(PROVIDED RECORDS Opens)
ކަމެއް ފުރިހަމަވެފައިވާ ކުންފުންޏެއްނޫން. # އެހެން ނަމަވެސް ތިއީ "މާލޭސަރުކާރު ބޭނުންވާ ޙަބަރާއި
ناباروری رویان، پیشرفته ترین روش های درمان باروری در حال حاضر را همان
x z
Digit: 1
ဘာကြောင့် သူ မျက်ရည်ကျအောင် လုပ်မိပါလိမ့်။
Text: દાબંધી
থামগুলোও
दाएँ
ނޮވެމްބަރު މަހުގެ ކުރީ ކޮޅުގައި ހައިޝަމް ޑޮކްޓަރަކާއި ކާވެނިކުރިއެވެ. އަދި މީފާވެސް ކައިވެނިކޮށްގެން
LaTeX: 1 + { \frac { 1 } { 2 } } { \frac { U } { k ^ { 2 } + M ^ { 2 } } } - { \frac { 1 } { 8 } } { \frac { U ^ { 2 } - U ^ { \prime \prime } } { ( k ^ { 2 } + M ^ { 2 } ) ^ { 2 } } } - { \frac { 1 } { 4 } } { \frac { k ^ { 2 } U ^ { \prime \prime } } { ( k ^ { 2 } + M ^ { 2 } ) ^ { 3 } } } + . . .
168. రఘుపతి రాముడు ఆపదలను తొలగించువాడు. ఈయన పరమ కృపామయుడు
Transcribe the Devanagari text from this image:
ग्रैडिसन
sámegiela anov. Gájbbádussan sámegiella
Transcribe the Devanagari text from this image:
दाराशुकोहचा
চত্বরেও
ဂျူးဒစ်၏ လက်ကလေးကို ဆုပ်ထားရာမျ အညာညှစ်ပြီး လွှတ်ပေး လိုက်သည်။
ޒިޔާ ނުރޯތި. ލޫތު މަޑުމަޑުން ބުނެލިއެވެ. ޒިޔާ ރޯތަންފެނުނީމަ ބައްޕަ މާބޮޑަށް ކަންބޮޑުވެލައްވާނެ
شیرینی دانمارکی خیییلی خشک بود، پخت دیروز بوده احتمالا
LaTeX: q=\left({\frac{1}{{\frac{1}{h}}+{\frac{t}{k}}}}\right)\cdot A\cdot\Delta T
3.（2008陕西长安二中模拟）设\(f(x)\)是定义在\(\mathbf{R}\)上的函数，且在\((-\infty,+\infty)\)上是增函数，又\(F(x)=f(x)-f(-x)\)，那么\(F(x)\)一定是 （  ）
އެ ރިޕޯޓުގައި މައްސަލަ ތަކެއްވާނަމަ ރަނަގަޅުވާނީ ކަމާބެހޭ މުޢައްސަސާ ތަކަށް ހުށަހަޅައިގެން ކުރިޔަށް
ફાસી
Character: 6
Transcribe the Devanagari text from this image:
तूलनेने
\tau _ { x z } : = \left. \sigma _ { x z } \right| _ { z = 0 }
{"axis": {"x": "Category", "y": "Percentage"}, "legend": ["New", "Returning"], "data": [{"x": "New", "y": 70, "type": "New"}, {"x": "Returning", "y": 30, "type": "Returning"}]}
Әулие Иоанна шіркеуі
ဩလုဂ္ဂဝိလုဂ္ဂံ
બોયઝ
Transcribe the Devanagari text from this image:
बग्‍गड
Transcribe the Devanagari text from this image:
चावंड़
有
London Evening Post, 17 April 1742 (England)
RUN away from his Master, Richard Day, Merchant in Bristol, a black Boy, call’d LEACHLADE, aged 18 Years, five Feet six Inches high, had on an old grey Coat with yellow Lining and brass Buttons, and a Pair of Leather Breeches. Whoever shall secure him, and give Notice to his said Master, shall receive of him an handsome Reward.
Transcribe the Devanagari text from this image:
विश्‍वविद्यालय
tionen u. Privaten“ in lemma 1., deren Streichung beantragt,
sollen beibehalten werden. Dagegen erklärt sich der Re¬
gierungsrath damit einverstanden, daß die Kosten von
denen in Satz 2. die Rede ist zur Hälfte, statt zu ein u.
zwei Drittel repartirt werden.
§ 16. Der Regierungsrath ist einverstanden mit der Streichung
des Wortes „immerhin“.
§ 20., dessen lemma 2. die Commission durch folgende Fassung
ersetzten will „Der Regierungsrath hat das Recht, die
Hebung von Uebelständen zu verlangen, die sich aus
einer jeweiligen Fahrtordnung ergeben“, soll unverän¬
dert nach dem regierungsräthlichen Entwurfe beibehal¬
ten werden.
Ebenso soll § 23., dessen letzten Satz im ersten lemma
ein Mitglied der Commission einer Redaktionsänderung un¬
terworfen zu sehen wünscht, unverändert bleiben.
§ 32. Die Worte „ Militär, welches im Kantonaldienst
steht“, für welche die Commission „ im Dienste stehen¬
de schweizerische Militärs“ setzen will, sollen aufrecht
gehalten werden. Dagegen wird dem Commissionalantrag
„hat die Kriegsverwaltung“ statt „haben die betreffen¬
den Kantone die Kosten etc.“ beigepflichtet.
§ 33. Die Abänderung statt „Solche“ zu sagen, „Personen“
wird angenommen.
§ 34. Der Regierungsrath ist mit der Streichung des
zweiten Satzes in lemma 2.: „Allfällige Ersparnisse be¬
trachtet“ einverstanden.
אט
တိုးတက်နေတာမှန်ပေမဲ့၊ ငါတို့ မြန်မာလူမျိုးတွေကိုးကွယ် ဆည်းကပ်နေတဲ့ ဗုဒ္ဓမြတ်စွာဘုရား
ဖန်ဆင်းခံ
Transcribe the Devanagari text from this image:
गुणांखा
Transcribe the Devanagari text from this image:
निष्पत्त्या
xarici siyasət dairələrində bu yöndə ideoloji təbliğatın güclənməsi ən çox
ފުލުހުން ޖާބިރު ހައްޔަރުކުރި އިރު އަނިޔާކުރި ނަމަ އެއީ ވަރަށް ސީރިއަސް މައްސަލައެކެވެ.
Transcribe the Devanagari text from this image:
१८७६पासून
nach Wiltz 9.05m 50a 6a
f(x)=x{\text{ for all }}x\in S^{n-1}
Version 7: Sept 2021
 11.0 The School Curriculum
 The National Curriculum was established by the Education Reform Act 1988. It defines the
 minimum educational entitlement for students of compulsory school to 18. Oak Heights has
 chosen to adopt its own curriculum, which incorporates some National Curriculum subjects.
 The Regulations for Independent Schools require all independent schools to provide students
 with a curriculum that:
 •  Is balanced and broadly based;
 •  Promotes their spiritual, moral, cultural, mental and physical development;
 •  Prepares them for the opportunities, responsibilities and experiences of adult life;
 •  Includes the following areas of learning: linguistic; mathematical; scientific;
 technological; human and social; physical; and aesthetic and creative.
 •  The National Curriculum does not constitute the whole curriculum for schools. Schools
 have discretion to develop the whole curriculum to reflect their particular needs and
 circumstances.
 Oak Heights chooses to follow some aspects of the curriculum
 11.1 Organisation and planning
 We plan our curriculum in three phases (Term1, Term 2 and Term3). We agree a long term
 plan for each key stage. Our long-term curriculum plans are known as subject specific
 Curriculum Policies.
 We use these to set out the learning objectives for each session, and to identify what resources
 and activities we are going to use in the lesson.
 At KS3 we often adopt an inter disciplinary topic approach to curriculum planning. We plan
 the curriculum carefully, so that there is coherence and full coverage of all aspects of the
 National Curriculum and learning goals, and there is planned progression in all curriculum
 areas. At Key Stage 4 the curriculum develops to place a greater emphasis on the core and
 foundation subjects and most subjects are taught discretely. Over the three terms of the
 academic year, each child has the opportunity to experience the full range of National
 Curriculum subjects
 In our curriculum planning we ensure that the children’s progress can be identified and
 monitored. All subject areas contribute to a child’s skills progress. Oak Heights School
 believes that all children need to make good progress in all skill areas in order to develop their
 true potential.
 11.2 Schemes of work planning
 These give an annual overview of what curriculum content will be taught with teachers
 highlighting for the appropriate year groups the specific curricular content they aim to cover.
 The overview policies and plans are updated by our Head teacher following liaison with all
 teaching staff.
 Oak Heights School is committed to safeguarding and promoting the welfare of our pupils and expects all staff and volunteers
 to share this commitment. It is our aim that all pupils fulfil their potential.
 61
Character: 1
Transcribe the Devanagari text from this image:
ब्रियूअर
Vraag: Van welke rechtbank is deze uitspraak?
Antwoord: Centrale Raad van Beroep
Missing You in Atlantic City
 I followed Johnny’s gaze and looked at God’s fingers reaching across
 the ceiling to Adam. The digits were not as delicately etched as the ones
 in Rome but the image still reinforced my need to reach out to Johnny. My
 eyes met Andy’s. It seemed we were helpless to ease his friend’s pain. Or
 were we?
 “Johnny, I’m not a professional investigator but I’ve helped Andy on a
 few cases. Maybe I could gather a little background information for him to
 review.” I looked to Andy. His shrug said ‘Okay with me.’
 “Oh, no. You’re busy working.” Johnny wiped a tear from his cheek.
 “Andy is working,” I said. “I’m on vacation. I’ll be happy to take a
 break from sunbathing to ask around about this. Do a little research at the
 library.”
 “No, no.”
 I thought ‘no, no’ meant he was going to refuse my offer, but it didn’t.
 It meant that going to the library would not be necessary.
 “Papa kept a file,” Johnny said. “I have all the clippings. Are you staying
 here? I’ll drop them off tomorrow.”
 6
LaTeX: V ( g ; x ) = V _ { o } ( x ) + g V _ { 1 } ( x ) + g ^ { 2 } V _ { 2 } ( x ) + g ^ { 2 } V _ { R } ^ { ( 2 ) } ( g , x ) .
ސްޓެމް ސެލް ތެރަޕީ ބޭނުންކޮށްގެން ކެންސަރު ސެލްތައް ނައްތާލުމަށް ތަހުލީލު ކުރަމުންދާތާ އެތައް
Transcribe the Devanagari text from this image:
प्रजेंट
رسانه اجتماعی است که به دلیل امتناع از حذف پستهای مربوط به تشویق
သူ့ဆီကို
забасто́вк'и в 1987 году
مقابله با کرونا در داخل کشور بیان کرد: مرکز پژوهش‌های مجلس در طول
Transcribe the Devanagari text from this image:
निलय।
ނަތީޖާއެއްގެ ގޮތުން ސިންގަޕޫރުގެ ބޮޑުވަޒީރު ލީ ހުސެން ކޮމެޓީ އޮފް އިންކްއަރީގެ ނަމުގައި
(PROVIDED RECORDS Closes)
WHAT YOU WILL DO: Go through the listing above and write out exactly the lines starting with the one holding "have discretion to" and running through the one holding "Character: 1", ends included, and no others.

TASK ANSWER:
 have discretion to develop the whole curriculum to reflect their particular needs and
 circumstances.
 Oak Heights chooses to follow some aspects of the curriculum
 11.1 Organisation and planning
 We plan our curriculum in three phases (Term1, Term 2 and Term3). We agree a long term
 plan for each key stage. Our long-term curriculum plans are known as subject specific
 Curriculum Policies.
 We use these to set out the learning objectives for each session, and to identify what resources
 and activities we are going to use in the lesson.
 At KS3 we often adopt an inter disciplinary topic approach to curriculum planning. We plan
 the curriculum carefully, so that there is coherence and full coverage of all aspects of the
 National Curriculum and learning goals, and there is planned progression in all curriculum
 areas. At Key Stage 4 the curriculum develops to place a greater emphasis on the core and
 foundation subjects and most subjects are taught discretely. Over the three terms of the
 academic year, each child has the opportunity to experience the full range of National
 Curriculum subjects
 In our curriculum planning we ensure that the children’s progress can be identified and
 monitored. All subject areas contribute to a child’s skills progress. Oak Heights School
 believes that all children need to make good progress in all skill areas in order to develop their
 true potential.
 11.2 Schemes of work planning
 These give an annual overview of what curriculum content will be taught with teachers
 highlighting for the appropriate year groups the specific curricular content they aim to cover.
 The overview policies and plans are updated by our Head teacher following liaison with all
 teaching staff.
 Oak Heights School is committed to safeguarding and promoting the welfare of our pupils and expects all staff and volunteers
 to share this commitment. It is our aim that all pupils fulfil their potential.
 61
Character: 1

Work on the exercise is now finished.